For construction firms then, this could mean major shifts in their big-spending clients - some firms will pull out of commissioning, new ones will enter the fray. And the resulting people-moves in property firms mean that contractors are going to have to keep their little black books updated if they want to win work.
A rise in independent developers could also mean more work for smaller construction companies. As one developer says: "The big investors like to go with the big contractors because they have deep pockets. But that's not so much the case with the smaller developers."
Different types of project
There is conjecture, too, that REITs will come into serious conflict with the current political push for mixed-use schemes. Investors like to keep things as simple as possible because it makes it easier to track changes in the market, so they are likely to favour specialist REITs. As a result, large companies like British Land could decide to convert to not one, but several, specialist REITs focusing on industrial, retail or commercial buildings. Such a move would follow the pattern in established REIT markets like the USA, Japan and Hong Kong, where specialist trusts hold apartments, hotels, shopping malls or health facilities. Planners, however, are demanding schemes offer a mixture of retail, office and residential space. "REITs are very likely to butt up against the planning system," says David Sparrow, head of property at consultant EC Harris.

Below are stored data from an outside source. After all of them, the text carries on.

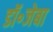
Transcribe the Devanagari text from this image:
डॉ॰जेबा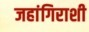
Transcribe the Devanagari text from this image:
जहांगिराशी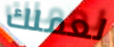
لعملك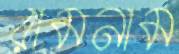
রামনাম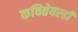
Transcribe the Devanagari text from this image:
कवितेवरही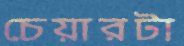
চেয়ারটা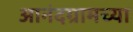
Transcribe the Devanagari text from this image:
आनंदग्रामच्या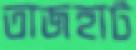
তাজহাট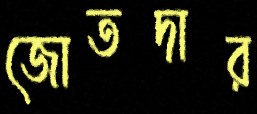
জোতদার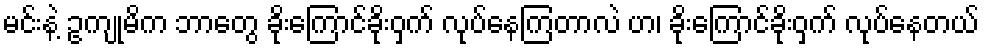
မင်းနဲ့ ဥကျုမိက ဘာတွေ ခိုးကြောင်ခိုးဝှက် လုပ်နေကြတာလဲ ဟ၊ ခိုးကြောင်ခိုးဝှက် လုပ်နေတယ်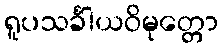
ရူပသင်္ခါယဝိမုတ္တော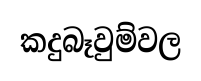
කදුබෑවුම්වල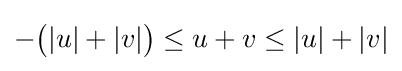
-{\bigl (}|u|+|v|{\bigr )}\leq u+v\leq |u|+|v|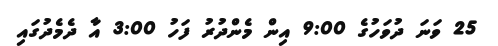
25 ވަނަ ދުވަހުގެ 9:00 އިން މެންދުރު ފަހު 3:00 އާ ދެމެދުގައި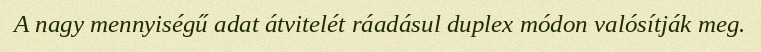
A nagy mennyiségű adat átvitelét ráadásul duplex módon valósítják meg.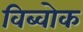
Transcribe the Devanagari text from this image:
विब्वोक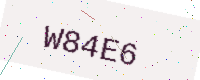
Text: W84E6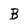
Character: B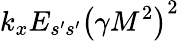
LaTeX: k_{x}E_{s^{\prime}s^{\prime}}\left(\gamma M^{2}\right)^{2}

Sparrow also believes that those developers who feed buildings into the REITs will adopt a specialist approach. This is likely to mean, he goes on, pressure on contractors, as well as the facilities management firms who run the buildings, to emphasise more specialist services. This could lead to greater scrutiny of firms' track records in specific areas and again favour smaller, niche contractors over their behemoth rivals.
More pressure on costs
But perhaps where contractors will feel the greatest impact of REITs will be in clients' approaches to costs. As REITs make property investment even more attractive, they will draw a new group of very exacting and competitive investors - for example, because there is no minimum investment, banks might begin offering REIT-based products to their high-street customers. Fund managers are also expected to be particularly hard on cost overruns.
Land Securities' McGuckin argues that just as investors in other areas of the stock market scrutinise every part of the supply chain, so investors in REITs will want to know exactly what it is costing the trusts to buy in assets. That will count as much for buying existing buildings as for buying in new-build projects from developers.
In turn, developers will force contractors and cost consultants to work harder at minimising costs than ever before. "Investors will look for more transparency. It will be another reason for the construction industry to get more efficient," he says, though he adds reassuringly: "It's not a question of squeezing margins but of taking out unnecessary costs."
David Sparrow at EC Harris agrees that construction firms delivering buildings into REITs will have to become "more specialised in delivering value to the clients" and more customer-focused. "There will be an even greater need to finish projects on time and on budget," he says. "It's a trend we've seen emerging in the past 10 years. But REITs will just accelerate the changes."
What are REITs?
Under real estate investment trusts, listed companies will be able to convert their property holdings into a structure that pays no corporation tax and no tax on rental income and is easy to invest in. Instead of paying company taxes, a REIT distributes 90% of its profits as dividends straight to hareholders, who pay tax at personal levels. They will be available from 1 January 2007.